**TASK DETAILS**
Copy nothing but the text: repeat each entry exactly and drop the images.

++++ RECORDS PROVIDED ++++

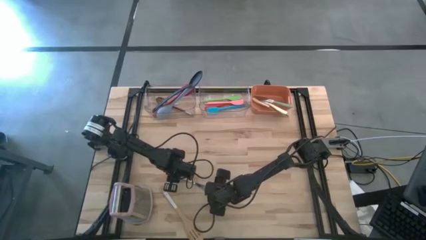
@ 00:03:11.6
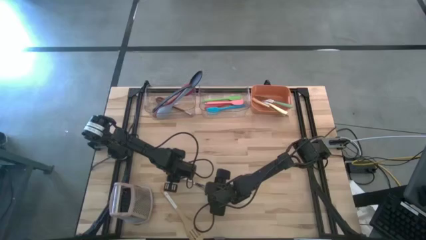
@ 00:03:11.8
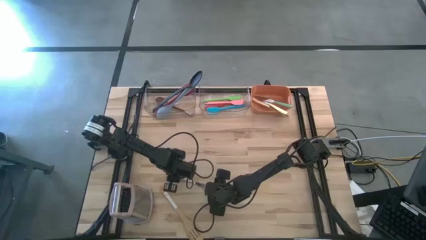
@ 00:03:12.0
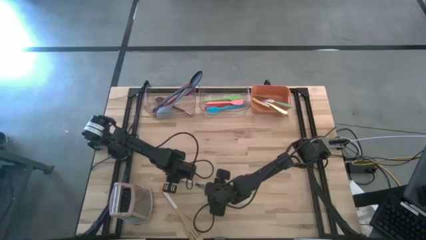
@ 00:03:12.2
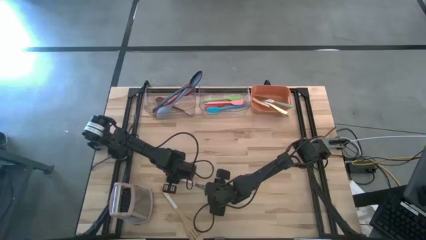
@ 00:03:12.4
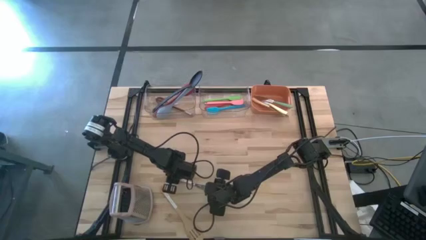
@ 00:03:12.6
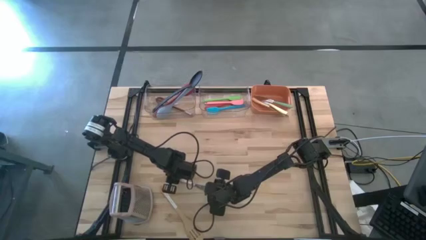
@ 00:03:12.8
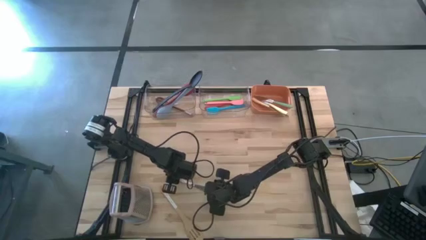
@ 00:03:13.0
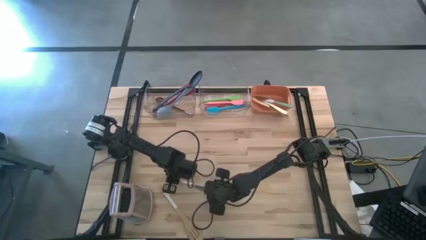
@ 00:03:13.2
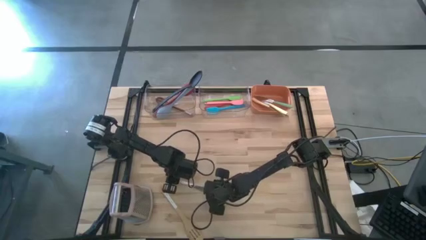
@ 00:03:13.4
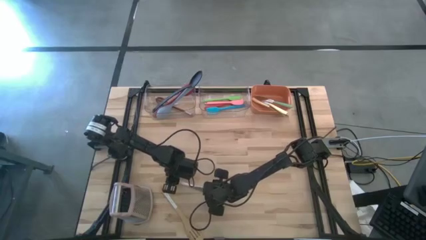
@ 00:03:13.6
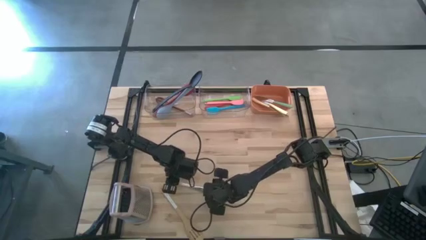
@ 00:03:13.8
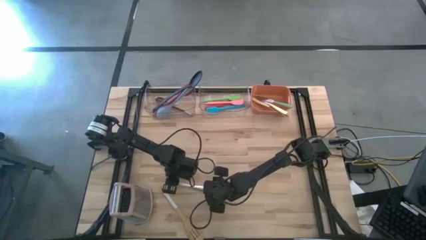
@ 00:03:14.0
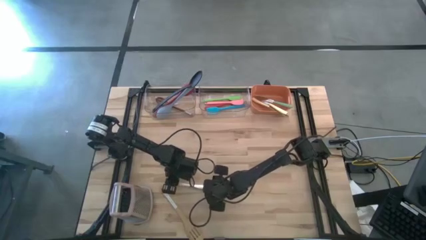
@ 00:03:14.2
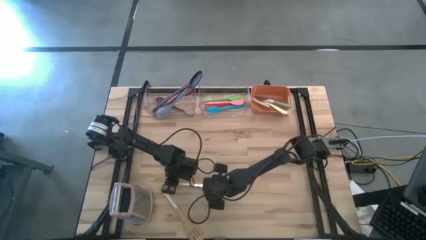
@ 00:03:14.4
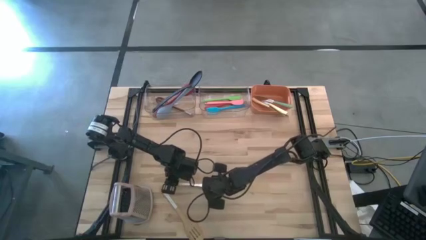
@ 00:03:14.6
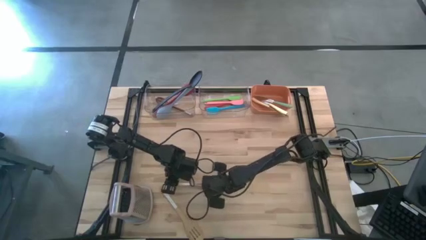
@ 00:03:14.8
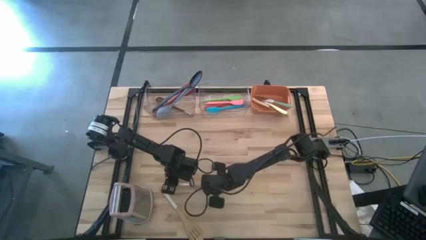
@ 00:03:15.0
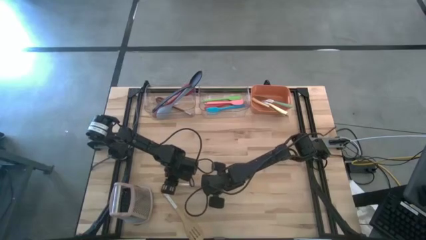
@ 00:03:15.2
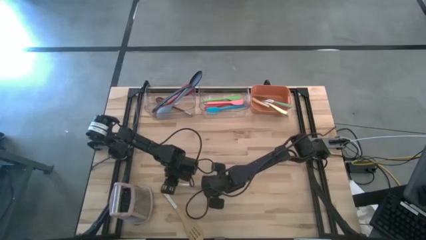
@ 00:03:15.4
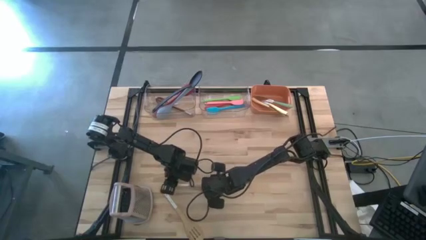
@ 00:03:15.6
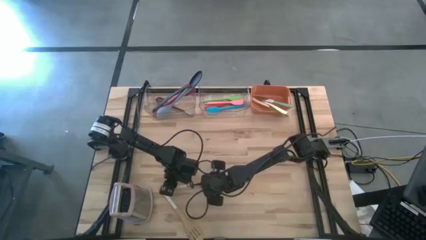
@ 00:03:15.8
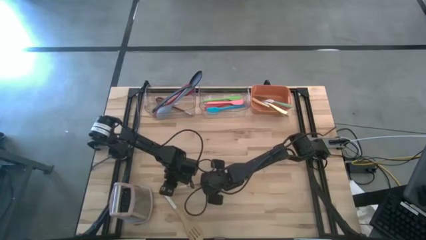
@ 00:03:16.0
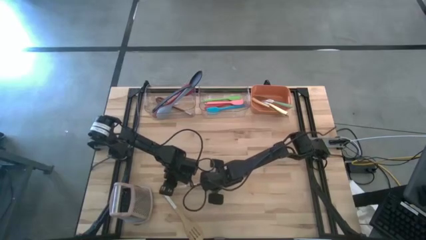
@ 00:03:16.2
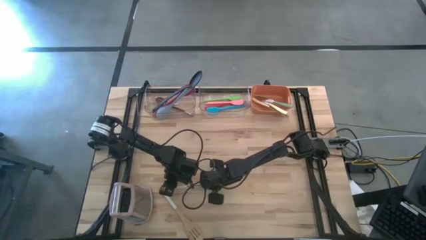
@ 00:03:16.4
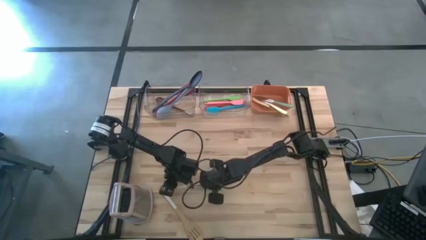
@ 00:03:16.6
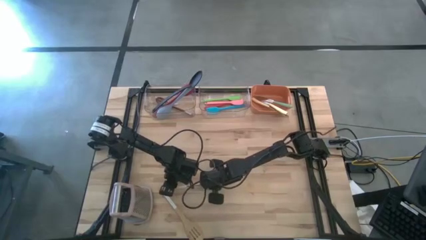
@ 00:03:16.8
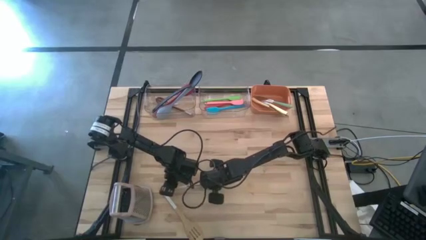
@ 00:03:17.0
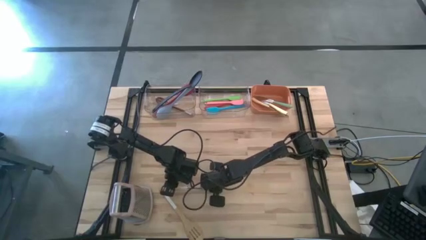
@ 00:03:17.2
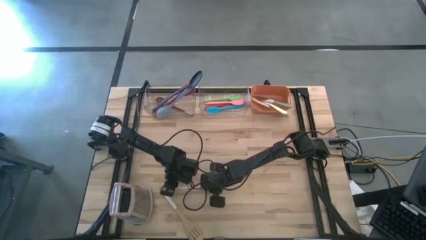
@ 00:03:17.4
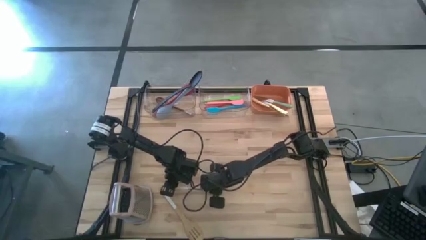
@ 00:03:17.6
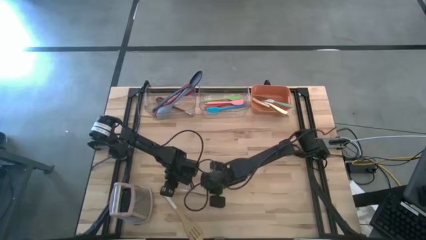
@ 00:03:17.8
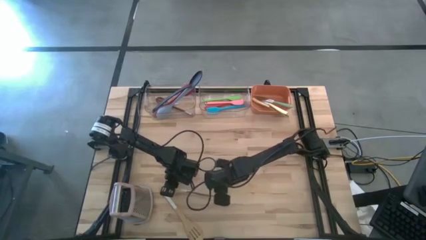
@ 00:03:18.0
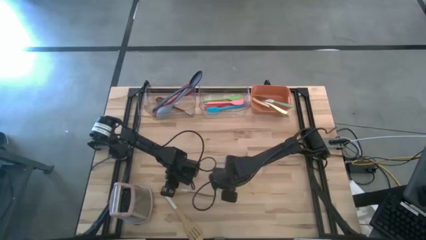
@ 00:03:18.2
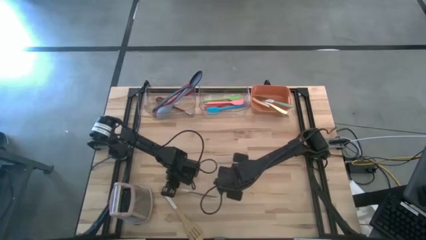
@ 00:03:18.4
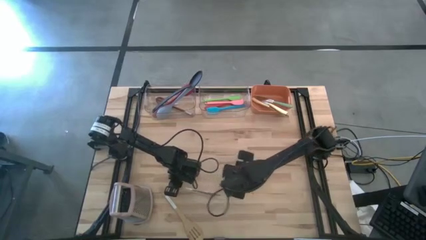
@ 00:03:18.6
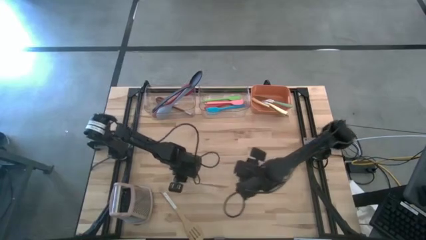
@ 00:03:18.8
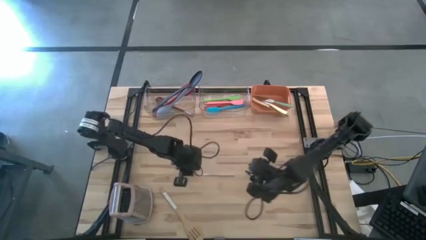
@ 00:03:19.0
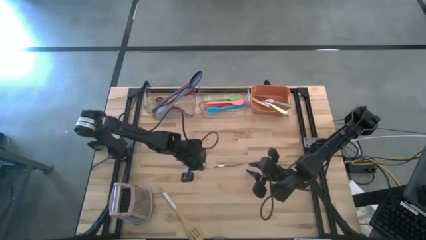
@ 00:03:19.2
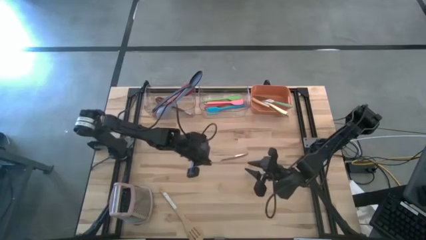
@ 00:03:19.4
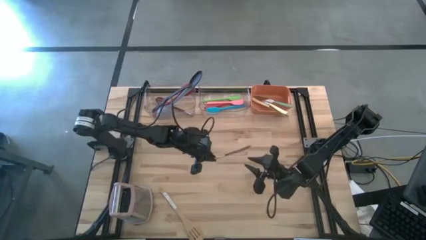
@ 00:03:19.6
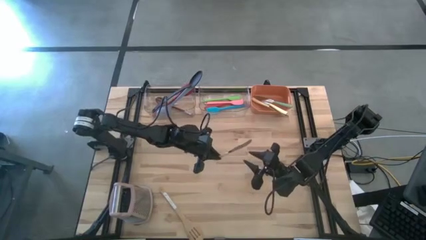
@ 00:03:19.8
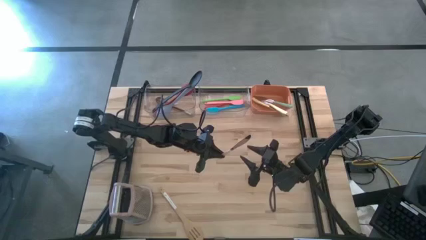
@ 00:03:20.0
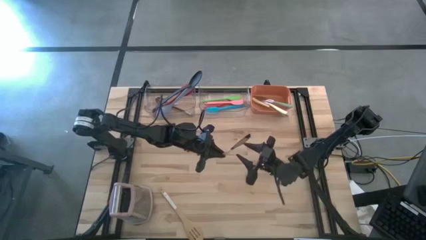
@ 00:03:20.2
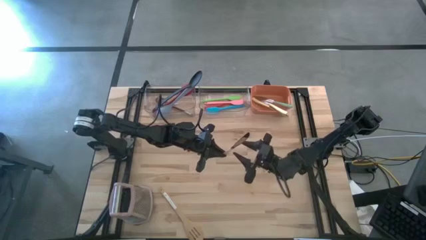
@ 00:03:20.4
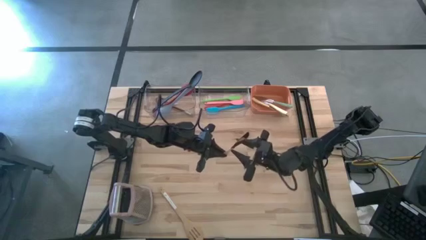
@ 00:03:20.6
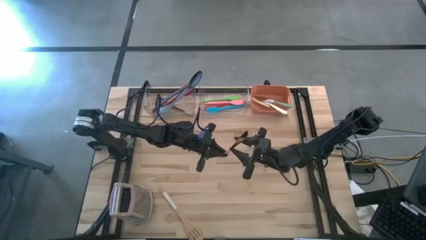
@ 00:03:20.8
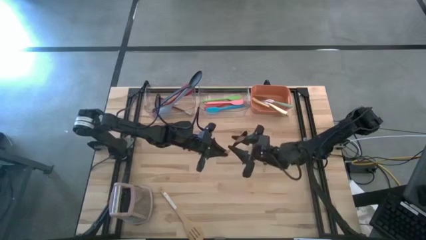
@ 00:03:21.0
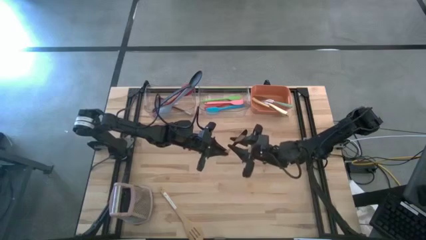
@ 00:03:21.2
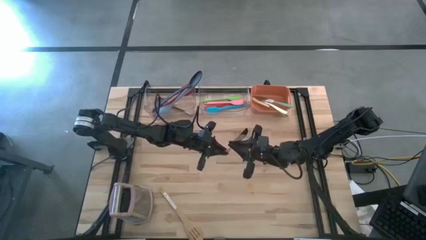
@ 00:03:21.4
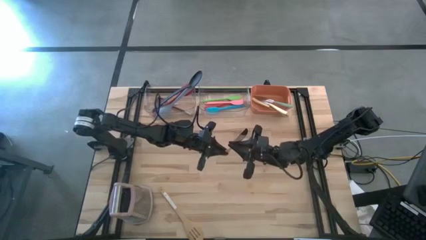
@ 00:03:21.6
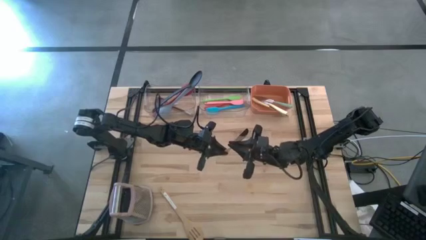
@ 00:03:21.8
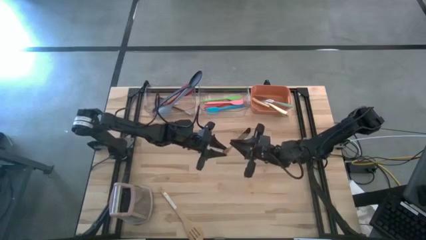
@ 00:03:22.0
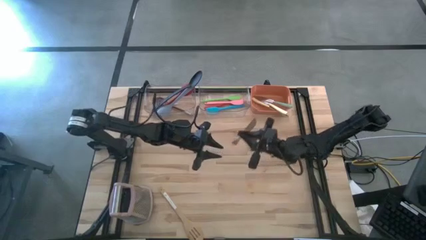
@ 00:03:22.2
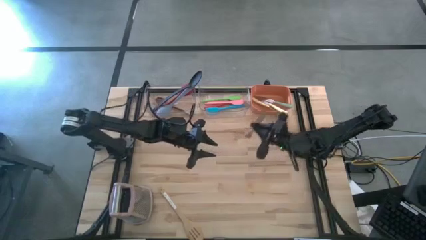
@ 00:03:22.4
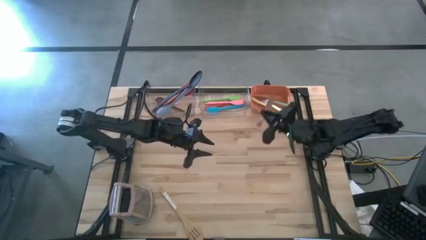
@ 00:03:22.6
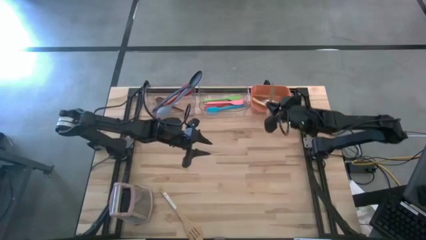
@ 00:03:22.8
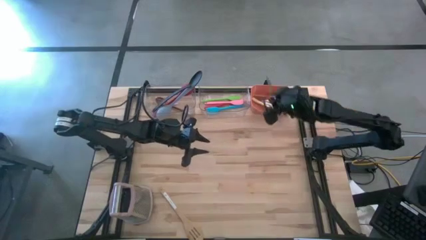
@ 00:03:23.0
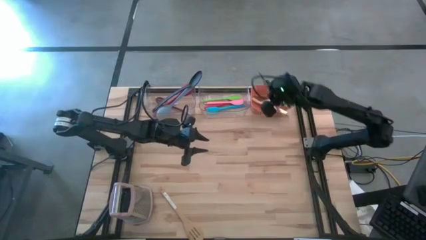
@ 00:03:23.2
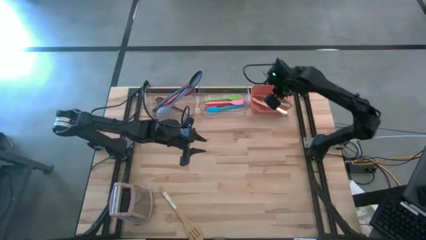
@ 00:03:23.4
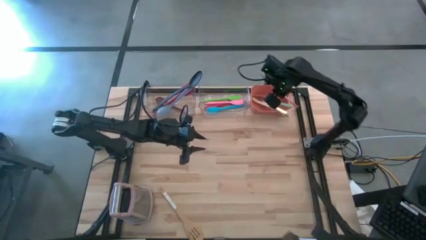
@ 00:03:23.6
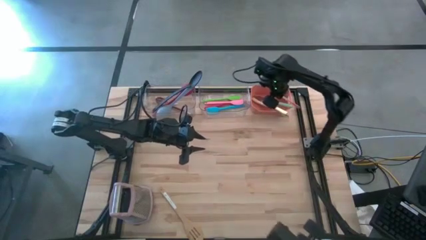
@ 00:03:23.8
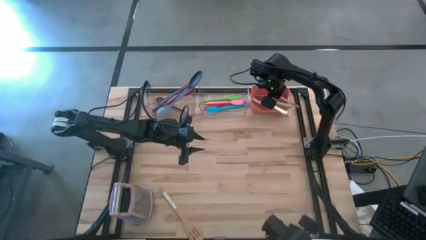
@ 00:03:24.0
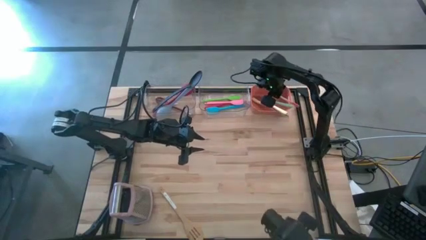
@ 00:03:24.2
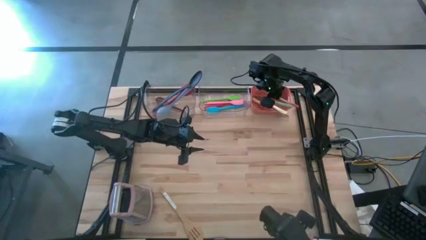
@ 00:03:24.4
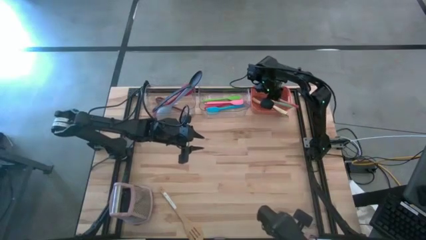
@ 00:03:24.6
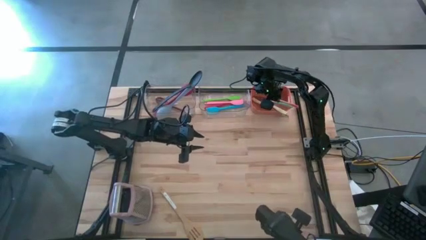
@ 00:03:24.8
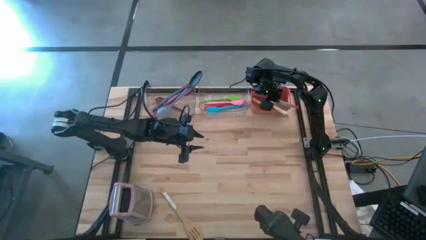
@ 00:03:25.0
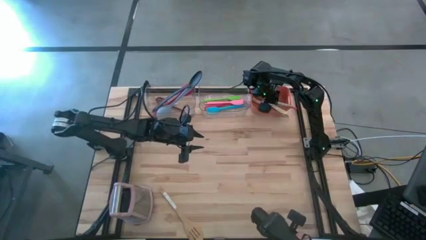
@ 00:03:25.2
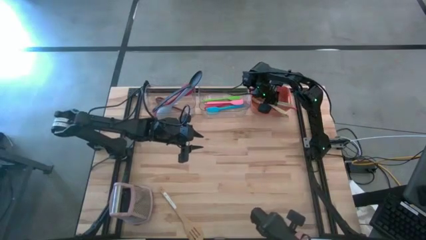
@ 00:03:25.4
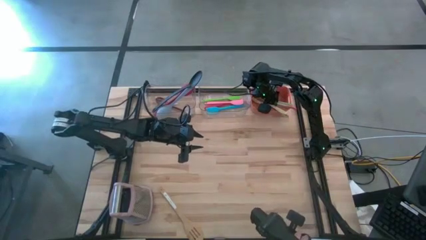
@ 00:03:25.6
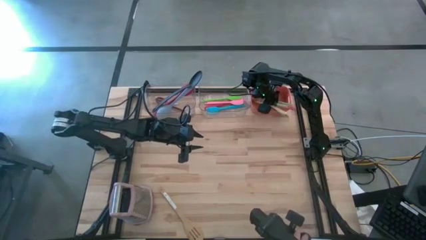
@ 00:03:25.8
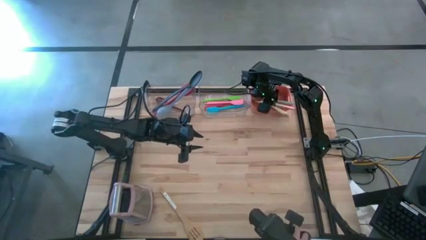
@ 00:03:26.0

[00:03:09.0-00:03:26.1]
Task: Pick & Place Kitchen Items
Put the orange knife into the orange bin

++++

**RESULT OF THIS TASK**
@ 00:03:11.6
@ 00:03:11.8
@ 00:03:12.0
@ 00:03:12.2
@ 00:03:12.4
@ 00:03:12.6
@ 00:03:12.8
@ 00:03:13.0
@ 00:03:13.2
@ 00:03:13.4
@ 00:03:13.6
@ 00:03:13.8
@ 00:03:14.0
@ 00:03:14.2
@ 00:03:14.4
@ 00:03:14.6
@ 00:03:14.8
@ 00:03:15.0
@ 00:03:15.2
@ 00:03:15.4
@ 00:03:15.6
@ 00:03:15.8
@ 00:03:16.0
@ 00:03:16.2
@ 00:03:16.4
@ 00:03:16.6
@ 00:03:16.8
@ 00:03:17.0
@ 00:03:17.2
@ 00:03:17.4
@ 00:03:17.6
@ 00:03:17.8
@ 00:03:18.0
@ 00:03:18.2
@ 00:03:18.4
@ 00:03:18.6
@ 00:03:18.8
@ 00:03:19.0
@ 00:03:19.2
@ 00:03:19.4
@ 00:03:19.6
@ 00:03:19.8
@ 00:03:20.0
@ 00:03:20.2
@ 00:03:20.4
@ 00:03:20.6
@ 00:03:20.8
@ 00:03:21.0
@ 00:03:21.2
@ 00:03:21.4
@ 00:03:21.6
@ 00:03:21.8
@ 00:03:22.0
@ 00:03:22.2
@ 00:03:22.4
@ 00:03:22.6
@ 00:03:22.8
@ 00:03:23.0
@ 00:03:23.2
@ 00:03:23.4
@ 00:03:23.6
@ 00:03:23.8
@ 00:03:24.0
@ 00:03:24.2
@ 00:03:24.4
@ 00:03:24.6
@ 00:03:24.8
@ 00:03:25.0
@ 00:03:25.2
@ 00:03:25.4
@ 00:03:25.6
@ 00:03:25.8
@ 00:03:26.0

[00:03:09.0-00:03:26.1]
Task: Pick & Place Kitchen Items
Put the orange knife into the orange bin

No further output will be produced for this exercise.